Lepannetier Sophie, Zanou Nadège, Yerna Xavier, Emeriau Noémie, Dufour Inès, Masquelier Julien, Muccioli Giulio, Tajeddine Nicolas, Gailly Philippe
Université catholique de Louvain, Institute of Neuroscience, Laboratory of Cell Physiology, av. Mounier 53, box B1.53.17, 1200 Brussels, Belgium.
Université catholique de Louvain, Louvain Drug Research Institute, av. Mounier 72, box B1.72.01, 1200 Brussels, Belgium.

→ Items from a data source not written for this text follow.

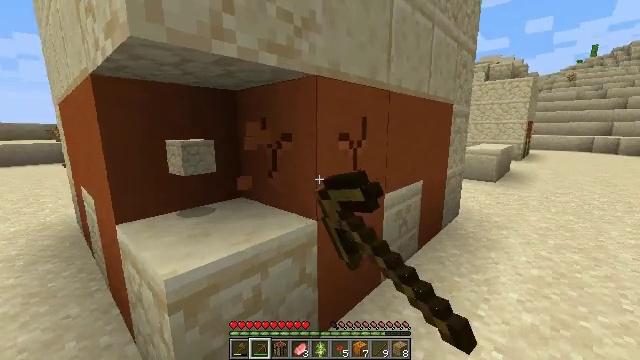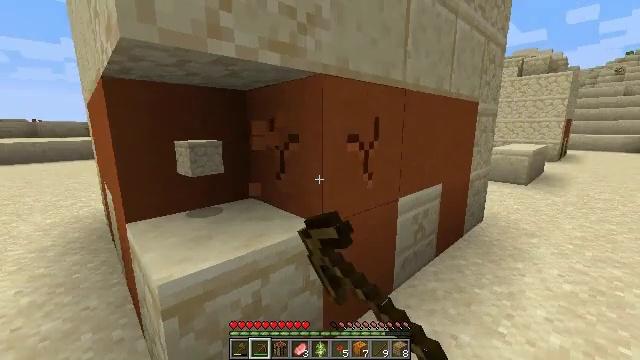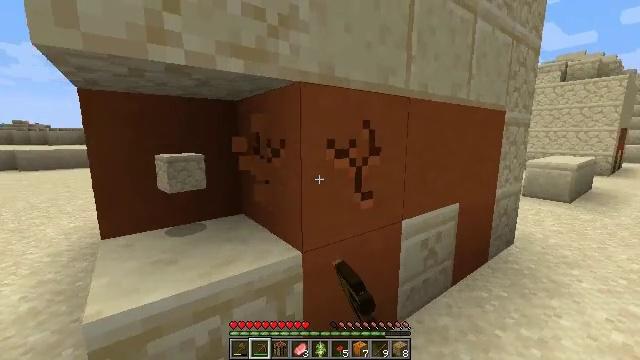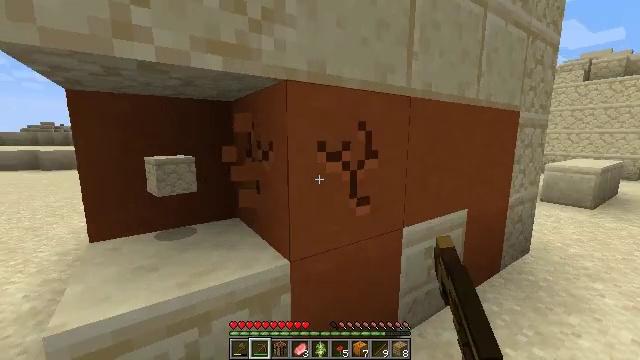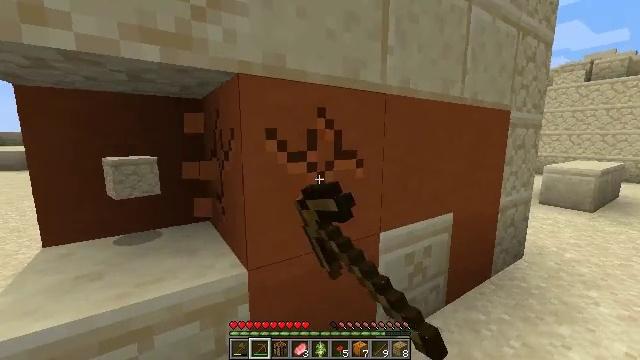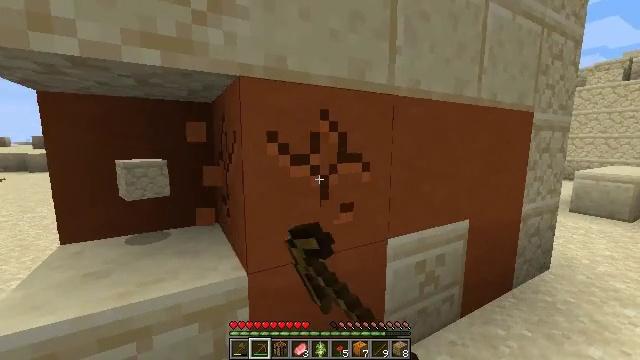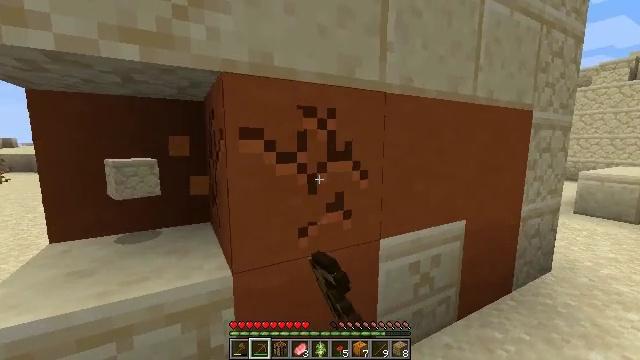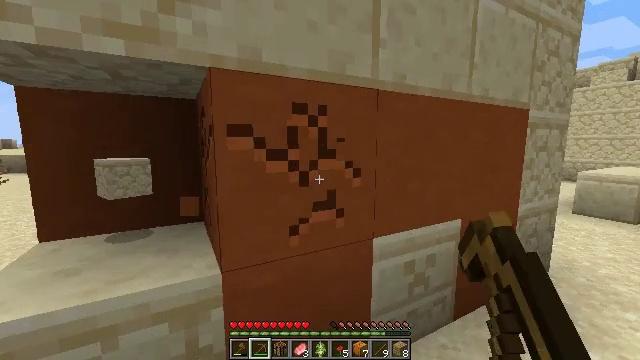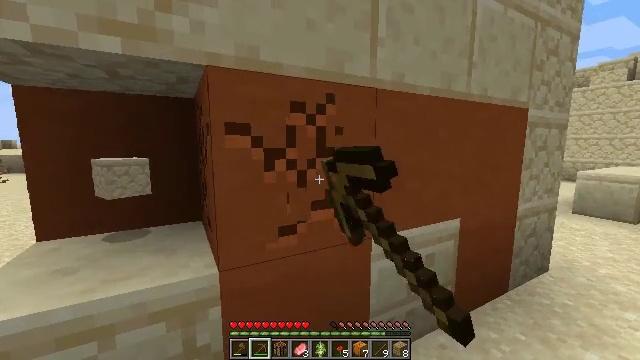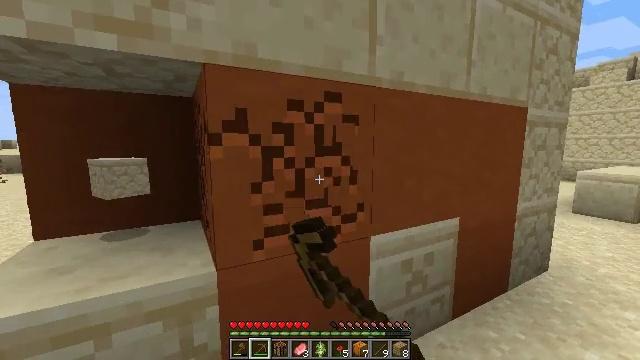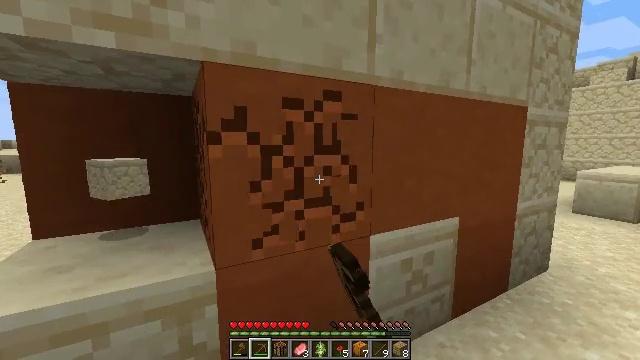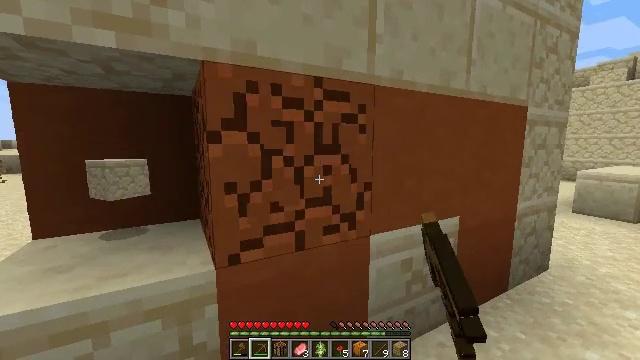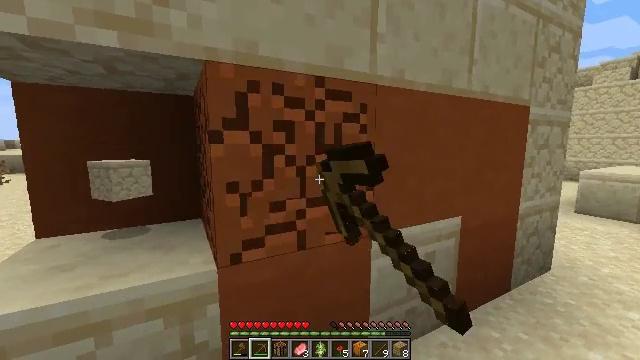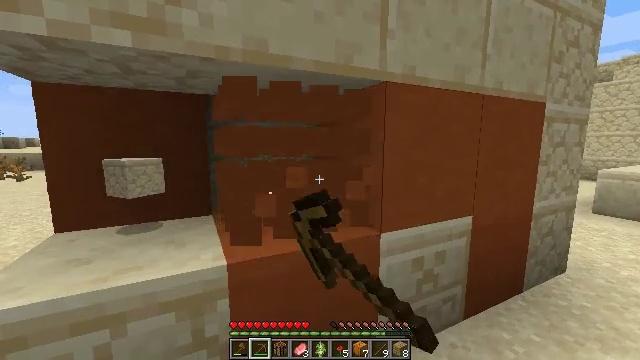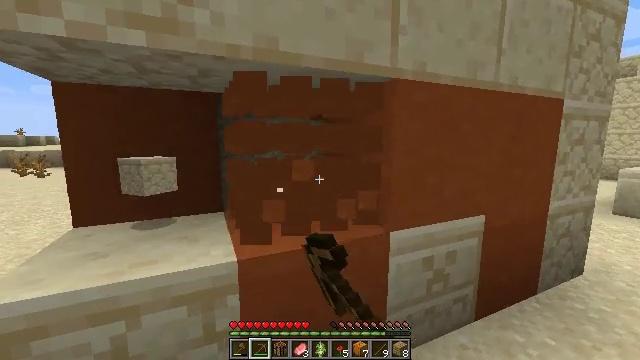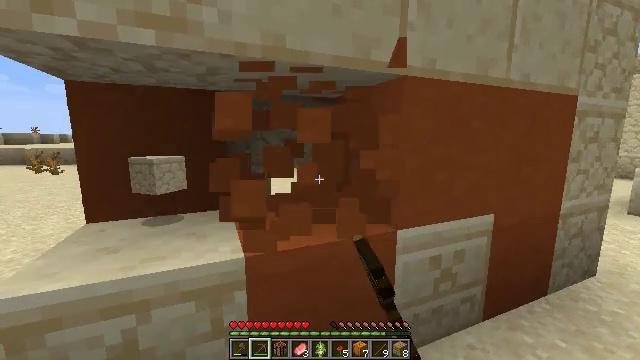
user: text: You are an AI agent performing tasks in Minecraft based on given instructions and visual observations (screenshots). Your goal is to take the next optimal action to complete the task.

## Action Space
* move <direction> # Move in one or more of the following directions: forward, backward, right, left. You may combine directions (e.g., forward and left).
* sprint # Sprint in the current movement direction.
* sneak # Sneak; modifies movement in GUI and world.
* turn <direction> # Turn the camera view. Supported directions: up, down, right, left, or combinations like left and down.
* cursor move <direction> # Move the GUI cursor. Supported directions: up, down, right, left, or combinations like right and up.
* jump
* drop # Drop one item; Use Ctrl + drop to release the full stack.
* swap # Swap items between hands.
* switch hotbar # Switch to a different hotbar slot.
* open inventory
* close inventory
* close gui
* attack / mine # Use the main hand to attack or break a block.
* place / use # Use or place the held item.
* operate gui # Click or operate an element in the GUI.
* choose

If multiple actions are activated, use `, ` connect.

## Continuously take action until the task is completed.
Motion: motion action
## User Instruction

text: Harvest the orange terracotta from structures or biomes.
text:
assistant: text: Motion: move forward and move right, turn left, attack / mine
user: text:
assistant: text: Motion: move forward and move right, turn left and up, attack / mine
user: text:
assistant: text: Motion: move forward and move right, turn left, attack / mine
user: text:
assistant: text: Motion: move right, attack / mine
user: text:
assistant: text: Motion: turn left, attack / mine
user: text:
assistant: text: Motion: attack / mine
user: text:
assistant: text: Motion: attack / mine
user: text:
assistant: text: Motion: attack / mine
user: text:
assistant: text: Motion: attack / mine
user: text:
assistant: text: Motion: attack / mine
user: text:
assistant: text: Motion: attack / mine
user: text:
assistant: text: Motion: attack / mine
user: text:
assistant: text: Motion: turn left, attack / mine
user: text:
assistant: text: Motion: turn left, attack / mine
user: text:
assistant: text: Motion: turn left, attack / mine
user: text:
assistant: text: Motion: turn left and down, attack / mine
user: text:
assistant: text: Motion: turn left, attack / mine
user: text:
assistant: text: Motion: attack / mine
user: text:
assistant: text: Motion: turn left and down, attack / mine
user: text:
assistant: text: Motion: turn left and down, attack / mine
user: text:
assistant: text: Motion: move forward, turn down, attack / mine
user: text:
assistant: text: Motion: move forward, attack / mine
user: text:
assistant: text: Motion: move forward, attack / mine
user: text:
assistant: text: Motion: attack / mine
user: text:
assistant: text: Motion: attack / mine
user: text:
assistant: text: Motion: attack / mine
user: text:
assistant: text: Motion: attack / mine
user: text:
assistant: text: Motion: turn down, attack / mine
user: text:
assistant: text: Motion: turn down, attack / mine
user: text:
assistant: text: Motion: attack / mine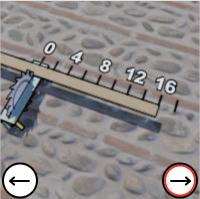
Task: length
Answer: 16
First scale value: 4.0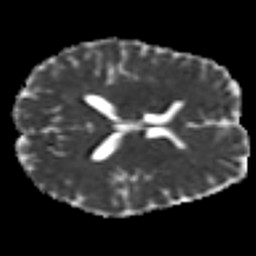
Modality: MD
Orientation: axial
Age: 26
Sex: female
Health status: healthy
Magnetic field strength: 3 T
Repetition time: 8.4 s
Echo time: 0.0926 s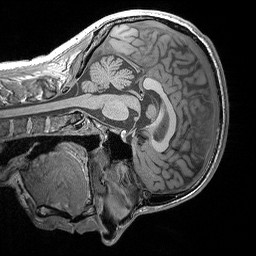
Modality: T1w
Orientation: sagittal
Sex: male
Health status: healthy
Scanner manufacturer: siemens
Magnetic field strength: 3 T
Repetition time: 2 s
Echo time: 0.00296 s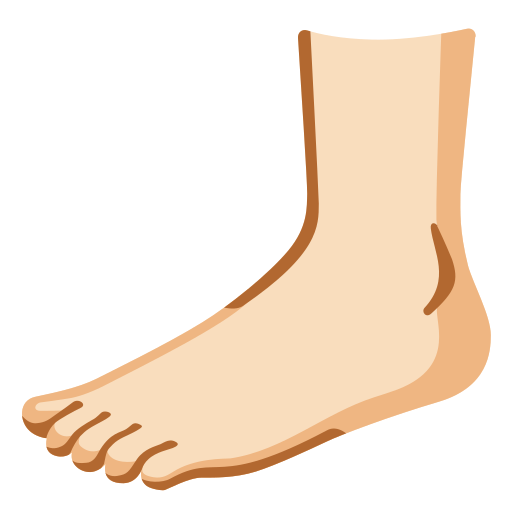
Emoji: 🦶🏻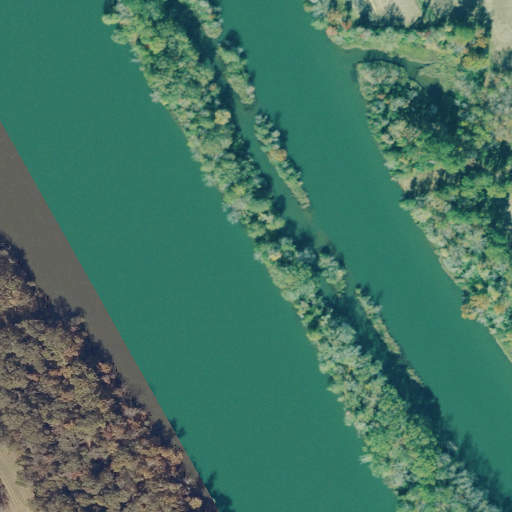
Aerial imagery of island in Georgia named Phillips Island containing open water, woody wetlands, herbaceous wetlands, shrub, grassland, and deciduous forest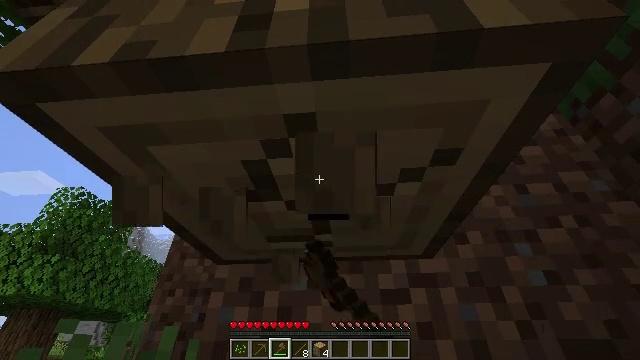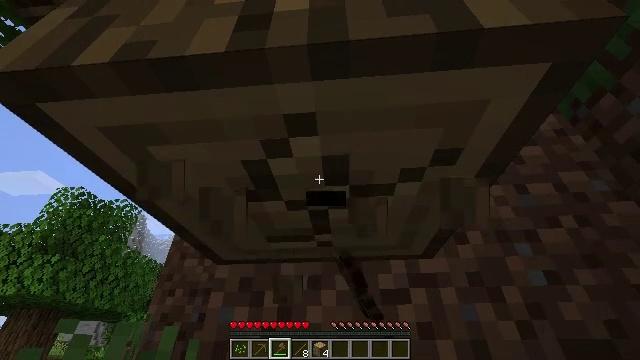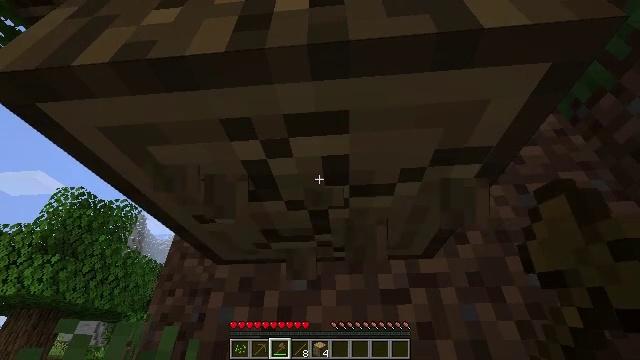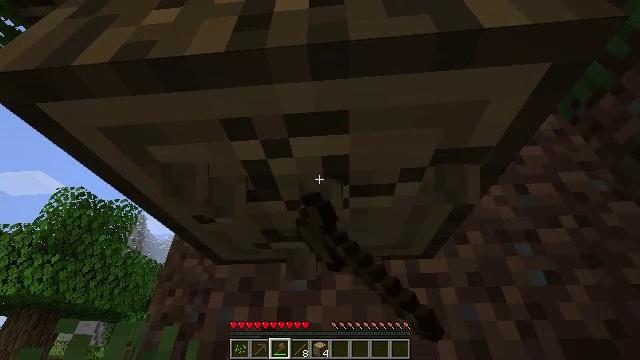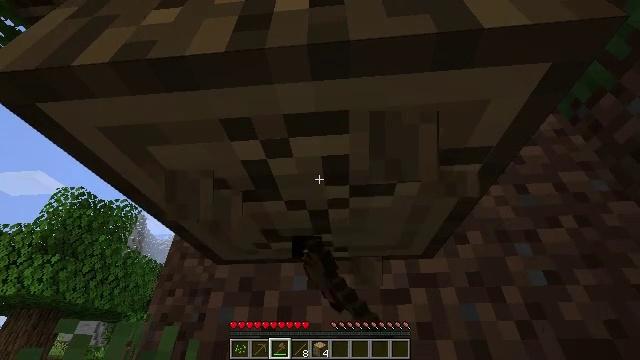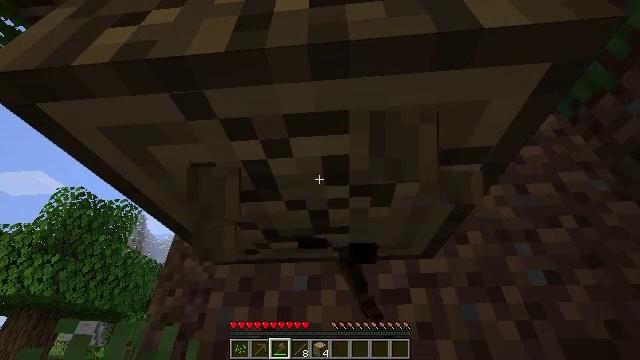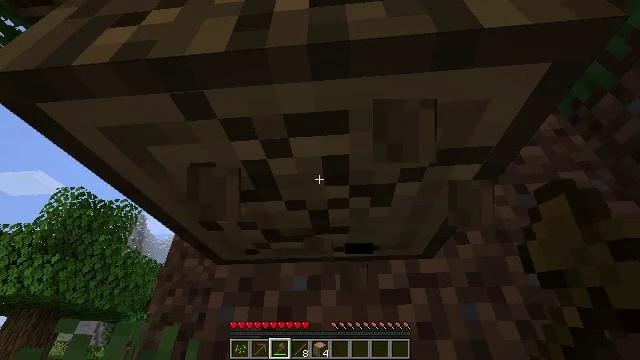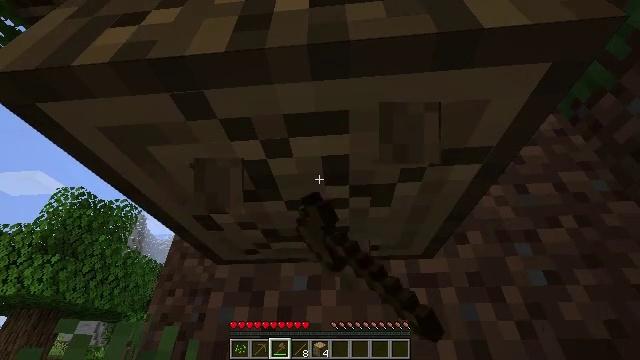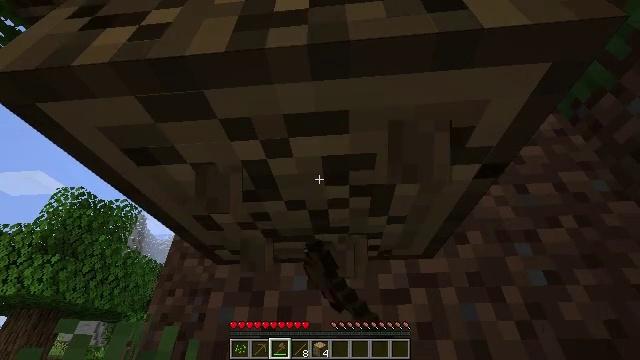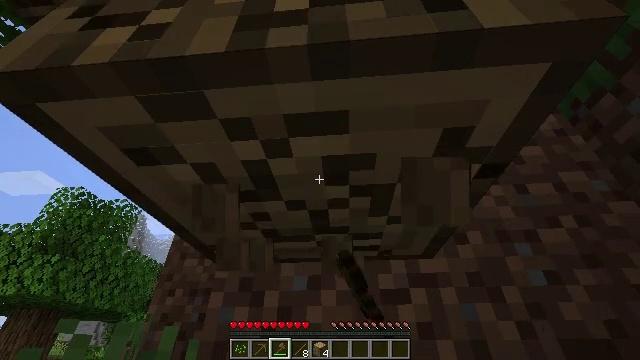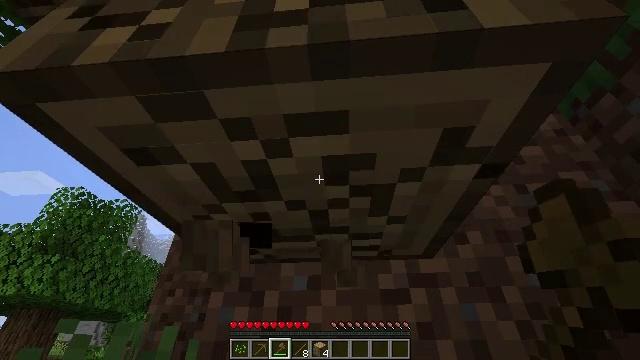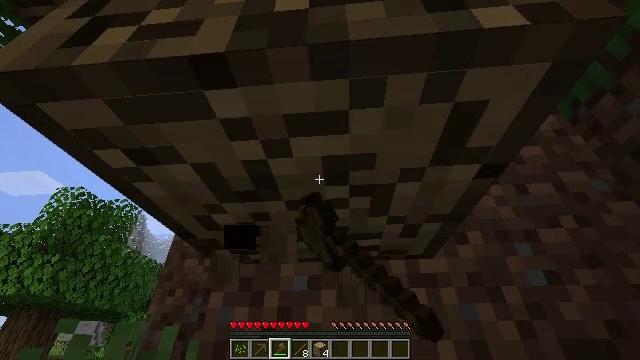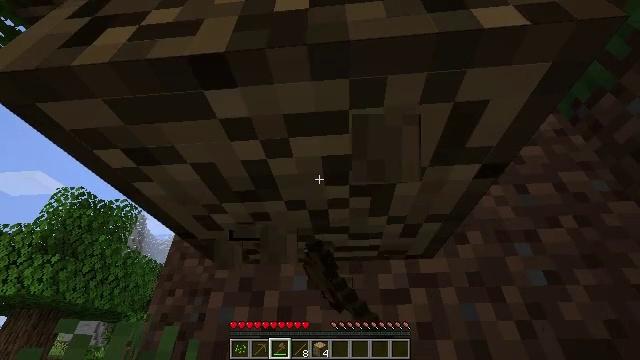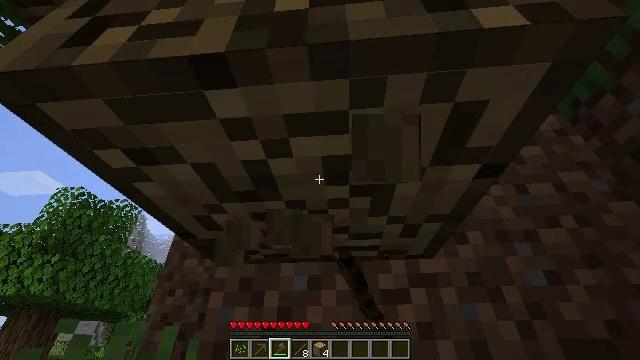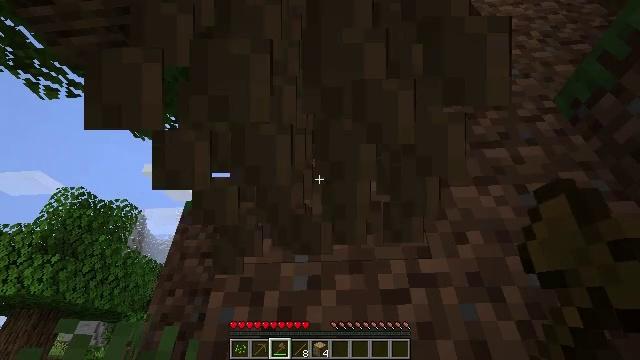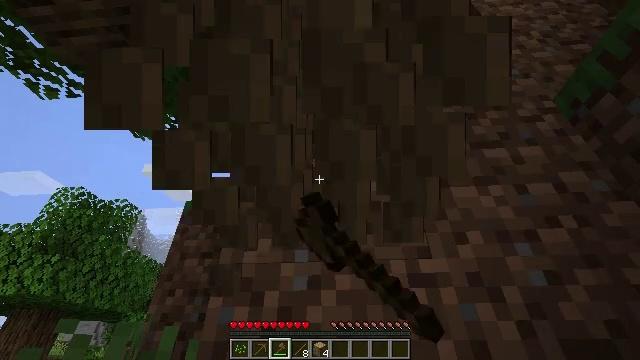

Cell Calcium. 2016 Dec;60(6):373-383. doi: 10.1016/j.ceca.2016.09.002. Epub 2016 Sep 9.
TRP channels are involved in the control of a broad range of cellular functions such as cell proliferation and motility. We investigated the gating mechanism of TRPC1 channel and its role in U251 glioblastoma cells migration in response to chemotaxis by platelet-derived growth factor (PDGF). PDGF induced an influx of Ca that was partially inhibited after pretreatment of the cells with SKI-II, a specific inhibitor of sphingosine kinase producing sphingosine-1-P (S1P). S1P by itself also induced an entry of Ca. Interestingly, PDGF- and S1P-induced entries of Ca were lost in siRNA-TRPC1 treated cells. PDGF-induced chemotaxis of U251 cells was dramatically inhibited in cells treated with SKI-II. This effect was almost completely rescued by addition of synthetic S1P. Chemotaxis was also completely lost in siRNA-TRPC1 treated cells and interestingly, the rescue of migration of cells treated with SKI-II by S1P was dependent on the expression of TRPC1. Immunocytochemistry revealed that, in response to PDGF, TRPC1 translocated from inside of the cell to the front of migration (lamellipodes). This effect seemed PI3K dependent as it was inhibited by cell pre-treatment with LY294002, a PI3-kinase inhibitor. Our results thus identify S1P as a potential activator of TRPC1, a channel involved in cell orientation during chemotaxis by PDGF.
瞬时受体电位(TRP)通道参与多种细胞功能的调控,如细胞增殖和运动。我们研究了TRPC1通道的门控机制及其在U251胶质母细胞瘤细胞响应血小板衍生生长因子(PDGF)趋化作用迁移中的作用。PDGF诱导钙离子内流,在用SKI-II(一种产生鞘氨醇-1-磷酸(S1P)的鞘氨醇激酶特异性抑制剂)预处理细胞后,钙离子内流部分受到抑制。S1P自身也能诱导钙离子内流。有趣的是,在经小干扰RNA(siRNA)-TRPC1处理的细胞中,PDGF和S1P诱导的钙离子内流消失。在用SKI-II处理的细胞中,PDGF诱导的U251细胞趋化作用显著受到抑制。添加合成S1P几乎能完全挽救这种效应。在经siRNA-TRPC1处理的细胞中趋化作用也完全丧失,有趣的是,S1P对用SKI-II处理的细胞迁移的挽救作用依赖于TRPC1的表达。免疫细胞化学显示,响应PDGF时,TRPC1从细胞内部转移到迁移前沿(板状伪足)。这种效应似乎依赖于磷脂酰肌醇-3激酶(PI3K),因为用PI3激酶抑制剂LY294002预处理细胞可抑制该效应。因此,我们的结果确定S1P是TRPC1的潜在激活剂,TRPC1是一种在PDGF趋化作用过程中参与细胞定向的通道。